MIT 18.065: Lecture 21 - Minimizing a Function
Hessian Matrix
Taylor expansion (three terms) in 1D: \[ F(x+\Delta x) \approx F(x)+\Delta x\frac{dF}{dx}+\frac{1}{2}(\Delta x)^2\frac{d^2F}{dx^2}. \]
Multivariable form: \[ F(x+\Delta x) \approx F(x)+(\Delta x)^\top \nabla_x F+\frac{1}{2}(\Delta x)^\top H\,\Delta x. \]
- \(H\): Hessian matrix (symmetric under standard smoothness assumptions)

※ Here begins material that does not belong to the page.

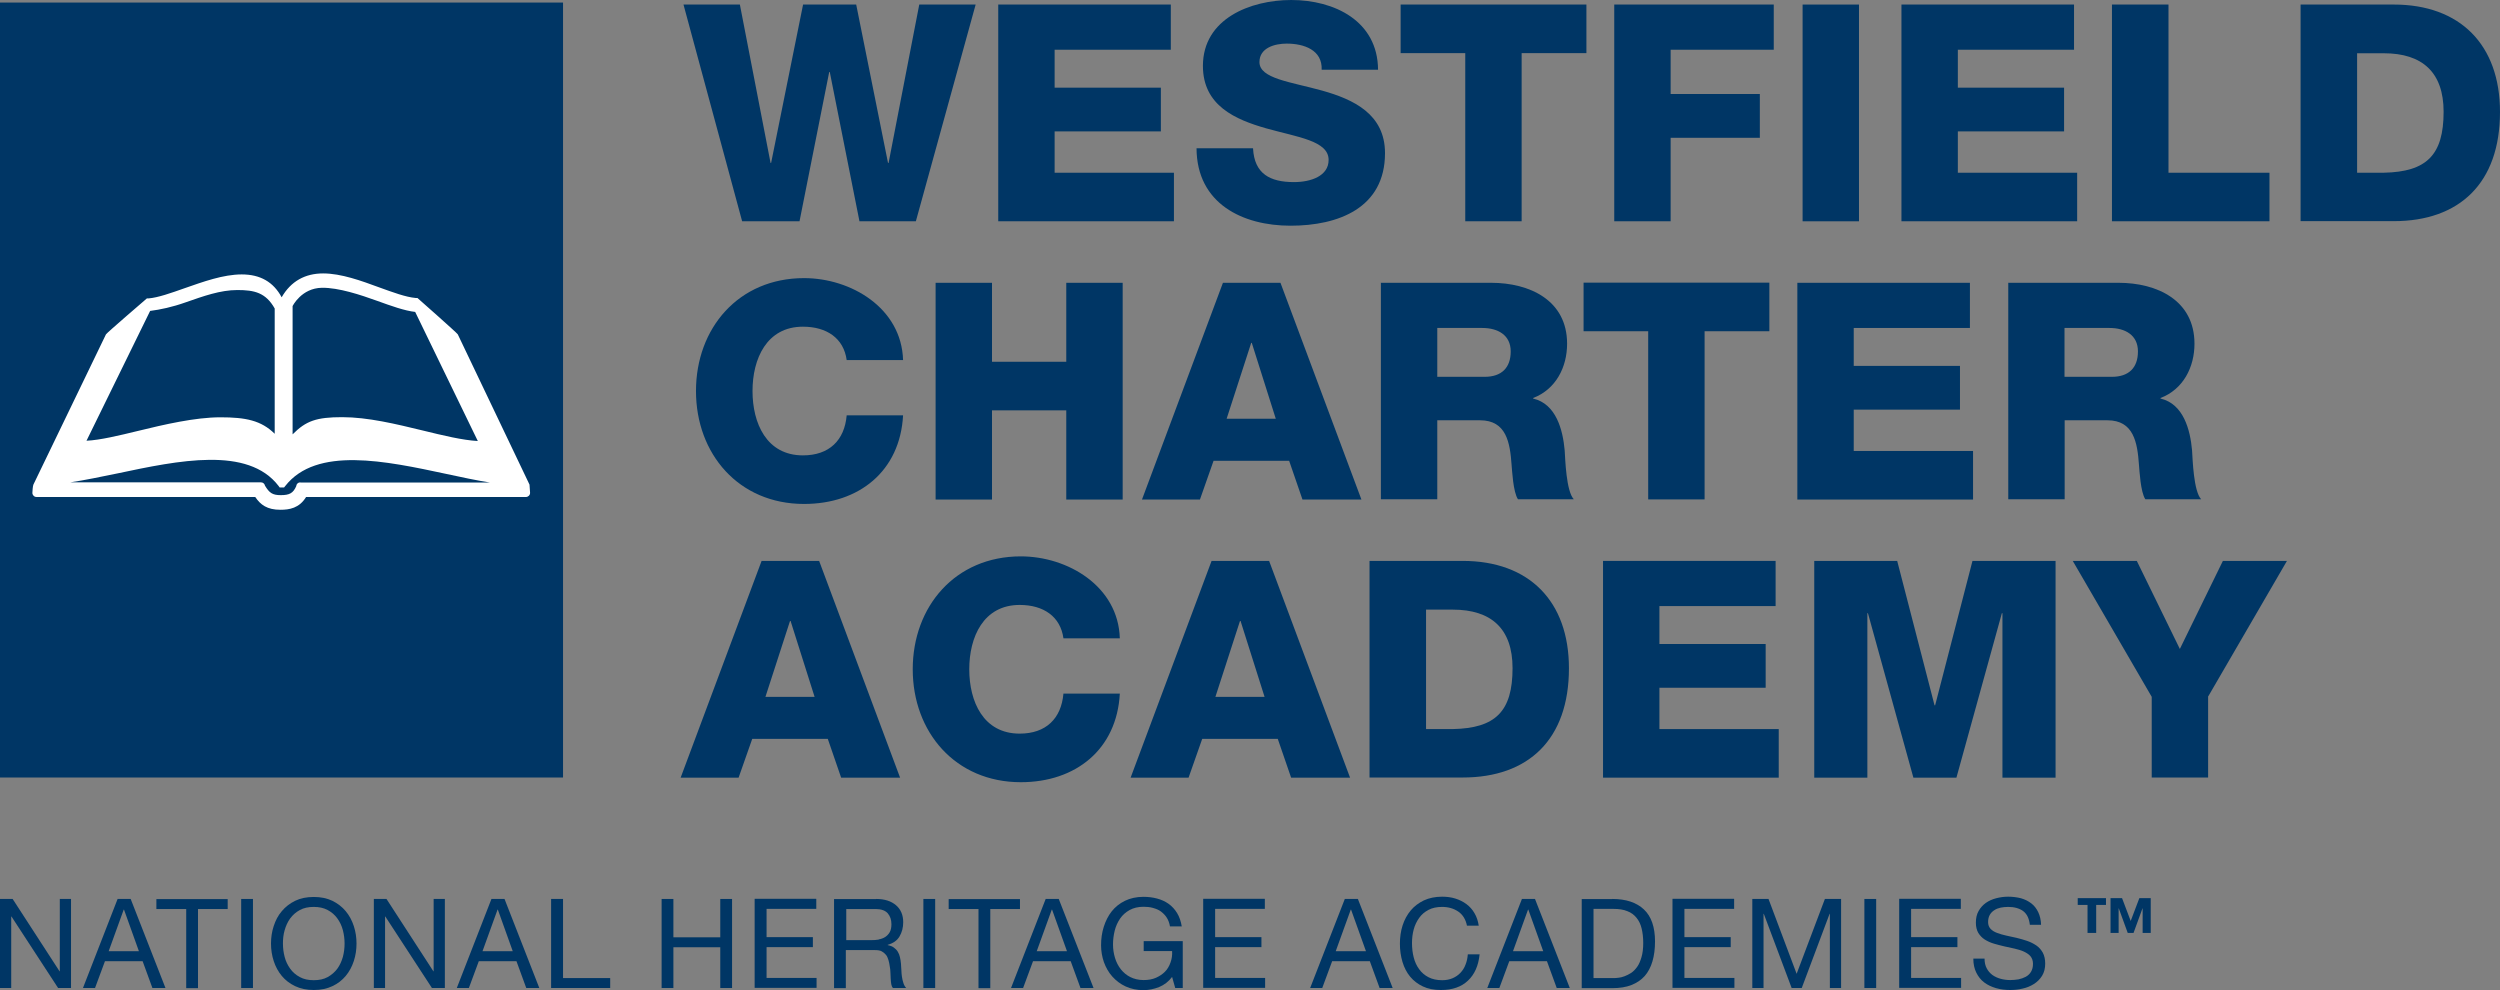<?xml version="1.0" encoding="UTF-8"?><svg id="Layer_1" xmlns="http://www.w3.org/2000/svg" width="176.01" height="69.71" viewBox="0 0 176.01 69.71"><rect x="0" y="0" width="176.01" height="69.71" fill="#808080" stroke="none"/><defs><style>.cls-1{fill:#fff;}.cls-2{fill:#003665;}</style></defs><rect class="cls-2" y=".18" width="39.64" height="54.56"/><path class="cls-1" d="M21.14,33.96c-.14,0-.26.1-.28.24v.02c-.22.5-.47.64-1.1.64-.59,0-.8-.17-1.1-.66h0c-.03-.14-.14-.24-.28-.24H4.94c1.02-.15,2.15-.39,3.33-.63,4.3-.91,9.18-1.93,11.34.88l.08.11h.31l.08-.1c2.2-2.81,7.06-1.77,11.36-.85,1.06.23,2.09.45,3.04.6h-13.33ZM10.57,21.89c.71-.09,1.56-.27,2.49-.6,1.26-.44,2.45-.87,3.65-.87s2,.18,2.63,1.3v8.82c-.95-.94-2.04-1.16-3.82-1.16s-3.97.51-5.81.96c-1.36.33-2.64.64-3.62.69l4.48-9.14ZM22.67,20.26c1.18-.01,2.69.49,3.91.93.94.34,1.91.69,2.65.77l4.41,9.09c-1.08-.06-2.44-.39-3.87-.74-1.9-.46-3.87-.94-5.68-.94s-2.55.26-3.49,1.21v-9.03s.62-1.27,2.07-1.29ZM37.28,34.12l-5.05-10.58c-.05-.1-2.84-2.56-2.84-2.56h-.12c-.7-.06-1.61-.4-2.58-.75-1.25-.46-2.67-.98-3.94-.98s-2.27.55-2.92,1.68c-.58-1.08-1.51-1.61-2.81-1.61s-2.73.52-4.02.97c-.96.34-1.86.66-2.54.72h-.12s-2.83,2.43-2.88,2.53l-5.11,10.58c-.04.09-.07.48-.07.58,0,.16.13.29.29.29h15.4c.37.55.84.9,1.77.9.63,0,1.33-.11,1.81-.9h15.48c.16,0,.29-.13.29-.29"/><path class="cls-2" d="M64.48,15.58h-3.97l-2.09-10.51h-.04l-2.09,10.51h-4.04L48.12.32h3.97l2.16,11.15h.04L56.54.32h3.74l2.24,11.15h.04l2.16-11.15h3.97l-4.21,15.26Z"/><path class="cls-2" d="M70.27.32h12.16v3.18h-8.18v2.67h7.48v3.08h-7.48v2.91h8.4v3.42h-12.37V.32Z"/><path class="cls-2" d="M88.22,10.45c.09,1.79,1.2,2.37,2.88,2.37,1.2,0,2.44-.43,2.44-1.56,0-1.35-2.18-1.6-4.38-2.22-2.18-.62-4.47-1.6-4.47-4.4,0-3.33,3.35-4.64,6.22-4.64,3.03,0,6.09,1.47,6.11,4.91h-3.97c.06-1.39-1.24-1.84-2.46-1.84-.85,0-1.92.3-1.92,1.3,0,1.17,2.2,1.39,4.42,2.01,2.2.62,4.42,1.65,4.42,4.4,0,3.87-3.29,5.11-6.65,5.11s-6.6-1.54-6.62-5.45h3.97Z"/><path class="cls-2" d="M111.68,3.74h-4.55v11.84h-3.97V3.74h-4.55V.32h13.08v3.42Z"/><path class="cls-2" d="M113.64.32h11.24v3.18h-7.26v3.12h6.28v3.08h-6.28v5.88h-3.97V.32Z"/><path class="cls-2" d="M126.91.32h3.97v15.26h-3.97V.32Z"/><path class="cls-2" d="M133.86.32h12.16v3.18h-8.18v2.67h7.48v3.08h-7.48v2.91h8.4v3.42h-12.37V.32Z"/><path class="cls-2" d="M148.7.32h3.97v11.84h7.11v3.42h-11.09V.32Z"/><path class="cls-2" d="M161.97.32h6.56c4.68,0,7.48,2.84,7.48,7.56,0,5-2.84,7.69-7.48,7.69h-6.56V.32ZM165.95,12.16h1.88c3.01-.06,4.21-1.24,4.21-4.29,0-2.78-1.5-4.12-4.21-4.12h-1.88v8.42Z"/><path class="cls-2" d="M59.61,25.35c-.21-1.54-1.41-2.35-3.08-2.35-2.56,0-3.55,2.27-3.55,4.53s.98,4.53,3.55,4.53c1.86,0,2.93-1.07,3.08-2.82h3.97c-.21,3.93-3.1,6.24-6.97,6.24-4.61,0-7.61-3.53-7.61-7.95s2.99-7.95,7.61-7.95c3.29,0,6.86,2.09,6.97,5.77h-3.97Z"/><path class="cls-2" d="M65.87,19.91h3.97v5.56h5.23v-5.56h3.97v15.26h-3.97v-6.28h-5.23v6.28h-3.97v-15.26Z"/><path class="cls-2" d="M86.11,19.91h4.04l5.7,15.26h-4.15l-.94-2.73h-5.32l-.96,2.73h-4.08l5.7-15.26ZM86.36,29.48h3.46l-1.69-5.34h-.04l-1.73,5.34Z"/><path class="cls-2" d="M97.21,19.91h7.78c2.69,0,5.34,1.22,5.34,4.29,0,1.65-.79,3.21-2.39,3.82v.04c1.62.38,2.09,2.2,2.22,3.65.04.64.11,2.88.64,3.44h-3.93c-.34-.51-.41-2.01-.45-2.44-.11-1.54-.36-3.12-2.22-3.12h-3.01v5.56h-3.97v-15.26ZM101.19,26.53h3.33c1.2,0,1.84-.64,1.84-1.79s-.9-1.65-2.01-1.65h-3.16v3.44Z"/><path class="cls-2" d="M124.56,23.32h-4.55v11.84h-3.97v-11.84h-4.55v-3.42h13.08v3.42Z"/><path class="cls-2" d="M126.53,19.91h12.16v3.18h-8.18v2.67h7.48v3.08h-7.48v2.91h8.4v3.42h-12.37v-15.26Z"/><path class="cls-2" d="M141.38,19.91h7.78c2.69,0,5.34,1.22,5.34,4.29,0,1.65-.79,3.21-2.39,3.82v.04c1.62.38,2.09,2.2,2.22,3.65.04.64.11,2.88.64,3.44h-3.93c-.34-.51-.41-2.01-.45-2.44-.11-1.54-.36-3.12-2.22-3.12h-3.01v5.56h-3.97v-15.26ZM145.35,26.53h3.33c1.2,0,1.84-.64,1.84-1.79s-.9-1.65-2.01-1.65h-3.16v3.44Z"/><path class="cls-2" d="M53.63,39.49h4.04l5.7,15.26h-4.15l-.94-2.73h-5.32l-.96,2.73h-4.08l5.7-15.26ZM53.89,49.06h3.46l-1.69-5.34h-.04l-1.73,5.34Z"/><path class="cls-2" d="M74.87,44.94c-.21-1.54-1.41-2.35-3.08-2.35-2.56,0-3.55,2.27-3.55,4.53s.98,4.53,3.55,4.53c1.86,0,2.93-1.07,3.08-2.82h3.97c-.21,3.93-3.1,6.24-6.97,6.24-4.61,0-7.61-3.53-7.61-7.95s2.99-7.95,7.61-7.95c3.29,0,6.86,2.09,6.97,5.77h-3.97Z"/><path class="cls-2" d="M85.31,39.49h4.04l5.7,15.26h-4.15l-.94-2.73h-5.32l-.96,2.73h-4.08l5.7-15.26ZM85.57,49.06h3.46l-1.69-5.34h-.04l-1.73,5.34Z"/><path class="cls-2" d="M96.42,39.49h6.56c4.68,0,7.48,2.84,7.48,7.56,0,5-2.84,7.69-7.48,7.69h-6.56v-15.26ZM100.4,51.33h1.88c3.01-.06,4.21-1.24,4.21-4.29,0-2.78-1.5-4.12-4.21-4.12h-1.88v8.42Z"/><path class="cls-2" d="M112.85,39.49h12.16v3.18h-8.18v2.67h7.48v3.08h-7.48v2.91h8.4v3.42h-12.37v-15.26Z"/><path class="cls-2" d="M127.72,39.49h5.85l2.63,10.17h.04l2.63-10.17h5.85v15.26h-3.74v-11.58h-.04l-3.2,11.58h-3.03l-3.2-11.58h-.04v11.58h-3.74v-15.26Z"/><path class="cls-2" d="M155.46,49.06v5.68h-3.97v-5.68l-5.56-9.57h4.51l3.03,6.2,3.03-6.2h4.51l-5.56,9.57Z"/><path class="cls-2" d="M147.58,63.71v1.97h-.61v-1.97h-.69v-.48h1.99v.48h-.69ZM150.85,65.68v-1.73h-.01l-.63,1.73h-.41l-.63-1.73h-.01v1.73h-.57v-2.45h.81l.61,1.61.61-1.61h.8v2.45h-.57Z"/><path class="cls-2" d="M.89,63.29l3.3,5.09h.02v-5.09h.79v6.27h-.91l-3.28-5.03h-.02v5.03h-.79v-6.27h.89Z"/><path class="cls-2" d="M9.2,63.29l2.45,6.27h-.92l-.69-1.89h-2.65l-.7,1.89h-.85l2.44-6.27h.92ZM9.78,66.97l-1.05-2.93h-.02l-1.06,2.93h2.13Z"/><path class="cls-2" d="M11.01,64v-.7h5.02v.7h-2.09v5.57h-.83v-5.57h-2.09Z"/><path class="cls-2" d="M17.81,63.29v6.27h-.83v-6.27h.83Z"/><path class="cls-2" d="M19.27,65.2c.13-.4.31-.75.57-1.05.25-.3.57-.55.94-.73.37-.18.81-.27,1.31-.27s.93.09,1.31.27c.37.18.69.43.94.73.25.3.44.65.57,1.05.13.4.19.81.19,1.23s-.06.84-.19,1.23c-.13.4-.32.75-.57,1.05-.25.3-.57.55-.94.72-.38.18-.81.27-1.31.27s-.93-.09-1.31-.27-.69-.42-.94-.72-.44-.65-.57-1.05c-.13-.4-.19-.81-.19-1.23s.06-.84.19-1.23ZM20.04,67.37c.08.31.21.58.39.83.18.25.4.44.68.59.27.15.6.22.98.22s.71-.07.98-.22c.27-.15.5-.35.68-.59.18-.25.3-.52.39-.83.08-.31.12-.62.12-.94s-.04-.63-.12-.94c-.08-.31-.21-.58-.39-.83-.18-.25-.4-.44-.68-.59-.28-.15-.6-.22-.98-.22s-.71.07-.98.22c-.28.15-.5.35-.68.59-.18.25-.3.52-.39.83s-.12.62-.12.94.04.63.12.94Z"/><path class="cls-2" d="M27.21,63.29l3.3,5.09h.02v-5.09h.79v6.27h-.91l-3.28-5.03h-.02v5.03h-.79v-6.27h.89Z"/><path class="cls-2" d="M35.52,63.29l2.45,6.27h-.92l-.69-1.89h-2.65l-.7,1.89h-.85l2.44-6.27h.92ZM36.1,66.97l-1.05-2.93h-.02l-1.06,2.93h2.13Z"/><path class="cls-2" d="M39.64,63.29v5.57h3.32v.7h-4.16v-6.27h.83Z"/><path class="cls-2" d="M47.41,63.29v2.7h3.3v-2.7h.83v6.27h-.83v-2.87h-3.3v2.87h-.83v-6.27h.83Z"/><path class="cls-2" d="M57.47,63.29v.7h-3.5v1.99h3.26v.7h-3.26v2.17h3.52v.7h-4.36v-6.27h4.33Z"/><path class="cls-2" d="M61.68,63.29c.6,0,1.06.15,1.4.44.34.29.51.69.51,1.2,0,.38-.09.71-.26,1-.17.29-.45.48-.83.59v.02c.18.04.33.09.44.18.11.08.21.18.27.29.07.11.12.24.15.38.03.14.06.29.07.44.01.15.02.31.03.47,0,.16.02.31.04.47.02.15.06.3.1.43.04.14.11.26.2.36h-.93c-.06-.06-.1-.15-.12-.26s-.03-.24-.04-.37c0-.14-.01-.29-.02-.44,0-.16-.02-.31-.05-.47-.02-.15-.05-.3-.09-.43s-.09-.26-.17-.36c-.08-.1-.18-.18-.3-.25s-.29-.09-.49-.09h-2.04v2.68h-.83v-6.27h2.95ZM61.86,66.14c.18-.03.33-.09.46-.17.13-.09.24-.2.32-.34s.12-.33.12-.56c0-.32-.09-.57-.26-.77-.18-.2-.46-.3-.85-.3h-2.07v2.19h1.74c.19,0,.38-.01.55-.04Z"/><path class="cls-2" d="M65.84,63.29v6.27h-.83v-6.27h.83Z"/><path class="cls-2" d="M66.79,64v-.7h5.02v.7h-2.09v5.57h-.83v-5.57h-2.09Z"/><path class="cls-2" d="M74.54,63.29l2.45,6.27h-.92l-.69-1.89h-2.65l-.7,1.89h-.85l2.44-6.27h.92ZM75.12,66.97l-1.05-2.93h-.02l-1.06,2.93h2.13Z"/><path class="cls-2" d="M81.61,69.49c-.36.14-.73.22-1.1.22-.47,0-.89-.09-1.26-.26s-.68-.41-.94-.7c-.26-.29-.45-.63-.59-1.01-.13-.38-.2-.78-.2-1.19,0-.46.06-.89.19-1.3.13-.41.31-.77.56-1.09.25-.31.56-.56.93-.74.37-.18.81-.28,1.3-.28.34,0,.66.04.96.12.3.08.57.2.81.37.24.17.44.39.6.65s.27.58.33.94h-.83c-.04-.24-.12-.45-.23-.62-.11-.17-.25-.31-.41-.43s-.35-.19-.56-.25c-.21-.06-.43-.08-.66-.08-.38,0-.71.08-.98.23s-.5.35-.67.6c-.17.25-.3.53-.38.85-.08.32-.12.65-.12.98s.05.64.14.94c.09.3.23.57.41.8.18.23.41.42.67.55s.58.21.93.21c.33,0,.62-.05.87-.16.25-.11.46-.25.64-.43s.3-.4.39-.65c.09-.25.13-.52.11-.8h-2v-.7h2.75v3.3h-.53l-.22-.78c-.25.33-.55.56-.91.71Z"/><path class="cls-2" d="M89.05,63.29v.7h-3.5v1.99h3.26v.7h-3.26v2.17h3.52v.7h-4.36v-6.27h4.33Z"/><path class="cls-2" d="M95.6,63.29l2.45,6.27h-.92l-.69-1.89h-2.65l-.7,1.89h-.85l2.44-6.27h.92ZM96.17,66.97l-1.05-2.93h-.02l-1.06,2.93h2.13Z"/><path class="cls-2" d="M102.67,64.18c-.32-.22-.7-.33-1.14-.33-.37,0-.7.07-.96.21-.27.14-.49.33-.66.57s-.3.51-.38.81c-.08.3-.12.62-.12.95,0,.36.04.7.12,1.01.08.32.21.6.38.83.17.24.39.43.66.57s.59.21.97.21c.27,0,.52-.05.73-.14.21-.09.4-.22.55-.38.15-.16.28-.35.36-.58.09-.22.14-.46.16-.72h.83c-.08.79-.35,1.41-.82,1.85-.46.44-1.1.66-1.9.66-.49,0-.91-.08-1.27-.25-.36-.17-.66-.4-.9-.69-.24-.29-.42-.64-.54-1.04-.12-.4-.18-.83-.18-1.28s.06-.89.19-1.29.32-.75.57-1.05c.25-.3.56-.53.93-.71.37-.17.8-.26,1.28-.26.33,0,.64.04.93.13s.55.22.78.39c.23.17.42.38.57.64.15.25.25.55.3.88h-.83c-.09-.45-.3-.78-.62-1Z"/><path class="cls-2" d="M108.07,63.29l2.45,6.27h-.92l-.69-1.89h-2.65l-.7,1.89h-.85l2.44-6.27h.92ZM108.65,66.97l-1.05-2.93h-.02l-1.06,2.93h2.13Z"/><path class="cls-2" d="M113.51,63.29c.97,0,1.71.25,2.23.74s.78,1.24.78,2.25c0,.53-.06.99-.18,1.4-.12.41-.3.75-.54,1.03-.25.28-.56.49-.94.64s-.83.22-1.35.22h-2.15v-6.27h2.15ZM113.58,68.86c.09,0,.21,0,.35-.02.14-.01.29-.05.45-.11.16-.06.31-.14.47-.24.16-.11.29-.25.42-.43s.22-.41.3-.68.12-.6.12-.99-.04-.71-.11-1.01c-.07-.3-.19-.55-.36-.76-.17-.21-.38-.37-.65-.47-.26-.11-.59-.16-.97-.16h-1.41v4.87h1.39Z"/><path class="cls-2" d="M122.09,63.29v.7h-3.5v1.99h3.26v.7h-3.26v2.17h3.52v.7h-4.36v-6.27h4.33Z"/><path class="cls-2" d="M124.51,63.29l1.98,5.27,1.99-5.27h1.14v6.27h-.79v-5.22h-.02l-1.96,5.22h-.71l-1.96-5.22h-.02v5.22h-.79v-6.27h1.14Z"/><path class="cls-2" d="M132.09,63.29v6.27h-.83v-6.27h.83Z"/><path class="cls-2" d="M138.05,63.29v.7h-3.5v1.99h3.26v.7h-3.26v2.17h3.52v.7h-4.36v-6.27h4.33Z"/><path class="cls-2" d="M142.45,64.15c-.28-.2-.63-.3-1.07-.3-.18,0-.35.02-.52.05-.17.04-.32.09-.45.18-.13.08-.24.19-.32.33s-.12.31-.12.51c0,.19.06.35.17.47s.27.22.46.29.41.14.65.19c.24.05.48.1.73.16.25.06.49.13.73.21.24.08.45.19.65.32.19.13.34.3.46.51.11.21.17.46.17.77,0,.33-.07.62-.22.86-.15.24-.34.43-.58.58s-.5.26-.79.32c-.29.07-.58.1-.87.1-.35,0-.68-.04-1-.13-.31-.09-.59-.22-.83-.4s-.42-.41-.56-.69c-.14-.28-.21-.61-.21-.99h.79c0,.26.05.49.15.68s.24.35.4.47c.17.12.36.21.58.27.22.06.45.09.69.09.19,0,.38-.02.57-.05.19-.04.36-.1.51-.18.15-.08.28-.2.37-.35.09-.15.14-.33.14-.56,0-.22-.06-.39-.17-.53-.11-.13-.27-.24-.46-.33s-.41-.15-.65-.21c-.24-.05-.48-.11-.73-.16-.25-.06-.49-.12-.73-.19-.24-.07-.46-.17-.65-.29-.19-.12-.34-.28-.46-.47-.11-.19-.17-.43-.17-.72,0-.32.06-.59.19-.82.13-.23.3-.42.51-.57.21-.15.46-.26.73-.33.27-.07.55-.11.84-.11.32,0,.62.04.9.11.28.08.52.2.73.36.21.16.37.37.49.62.12.25.19.55.2.89h-.79c-.05-.45-.21-.78-.49-.98Z"/></svg>

- Entries: \[ H_{ij}=\frac{\partial^2 F}{\partial x_i\partial x_j}. \]
Jacobian Matrix
The Jacobian matrix \(J\) is the first-order derivative matrix for a vector-valued function \(f\).
If \(f:\mathbb{R}^n\to\mathbb{R}^m\), then \[ J_{jk}=\frac{\partial f_j}{\partial x_k},\qquad J\in\mathbb{R}^{m\times n}. \]
It plays the same role for vector functions that the gradient plays for scalar functions. It is also the first-order term in Taylor linearization: \[ f(x+\Delta x)\approx f(x)+J\Delta x. \]
This linearization is the core engine of Newton’s method: solve \(f(x)=0\) by repeatedly solving a linearized system.
The Jacobian can be \(m\times n\) in general. In this lecture, we focus on the square \(n\times n\) case so Newton updates can be written with \(J^{-1}\).
Newton’s Method
Set \(f=\nabla F\). To find a stationary point, solve \[ f(x)=0\quad\Longleftrightarrow\quad f_1(x)=\cdots=f_n(x)=0. \]
At iteration \(k\), linearize around \(x_k\): \[ f(x_k)+J(x_k)\Delta x=0. \]
Use \(\Delta x=x_{k+1}-x_k\): \[ J(x_k)(x_{k+1}-x_k)=-f(x_k), \] so \[ x_{k+1}=x_k-J(x_k)^{-1}f(x_k). \]
Given \(f=\nabla F\), the Jacobian \(J(x_k)\) (first derivative of a first derivative) is exactly the Hessian \(H(x_k)\) of \(F\) (second-order derivative).
Example
Suppose \[ f(x)=x^2-9, \] so \(f(x)=0\) gives roots \(x=\pm 3\).
Newton update: \[ x_{k+1}=x_k-\frac{f(x_k)}{f'(x_k)} = x_k-\frac{x_k^2-9}{2x_k}. \]
As expected, the method converges quickly near \(3\) and \(-3\).
Quadratic Convergence
Newton’s method has quadratic convergence near a nondegenerate solution: \[ e_{k+1}\approx C e_k^2. \]
This is much faster than linear convergence from steepest descent. The reason is second-order curvature information (via the Hessian/Jacobian), so once the iterate enters the attraction region, correct digits can roughly double each step.

Why don’t we use full Newton’s method in deep learning?
Although Newton’s method is theoretically fast, it has severe computation/storage bottlenecks for modern models because it depends on second-order derivatives.
For a model with only \(10^6\) parameters:
- First-order gradient is a vector of size \(10^6\) (manageable).
- Hessian is a \(10^6\times 10^6\) matrix with \(10^{12}\) entries (storage explosion).
- Newton step requires solving/inverting Hessian systems; naive inversion scales as \(O(N^3)\) and is infeasible at this size.
So in practice, deep learning uses first-order methods (SGD/Adam) or approximate second-order variants.
Minimizing F
Steepest Descent
\[ x_{k+1}=x_k-s_k\nabla F(x_k), \] where \(s_k\) is step size (learning rate).
Steepest descent follows the negative gradient direction. Step size is critical: too large overshoots; too small converges slowly.
Newton’s Method
\[ x_{k+1}=x_k-H(x_k)^{-1}\nabla F(x_k). \]
Compared with steepest descent, Newton uses local curvature to adapt direction and scale.
Convexity
Convex set
A set \(C\) is convex if \[ x,y\in C,\ \forall\theta\in[0,1]\Longrightarrow\theta x+(1-\theta)y\in C. \]
Convex function
A function \(f\) is convex if \[ f(\theta x+(1-\theta)y)\le \theta f(x)+(1-\theta)f(y),\quad x,y\in\mathrm{dom}(f),\ \theta\in[0,1]. \]

From calculus, in 1D, \(f''(x)\ge 0\) implies convexity. In optimization, convexity gives the key guarantee: every local minimum is also a global minimum.
Takeaway. Hessian and Jacobian connect multivariable calculus to practical optimization: gradient methods use first-order information, Newton uses second-order curvature, and convexity tells us when local optimization gives globally correct answers.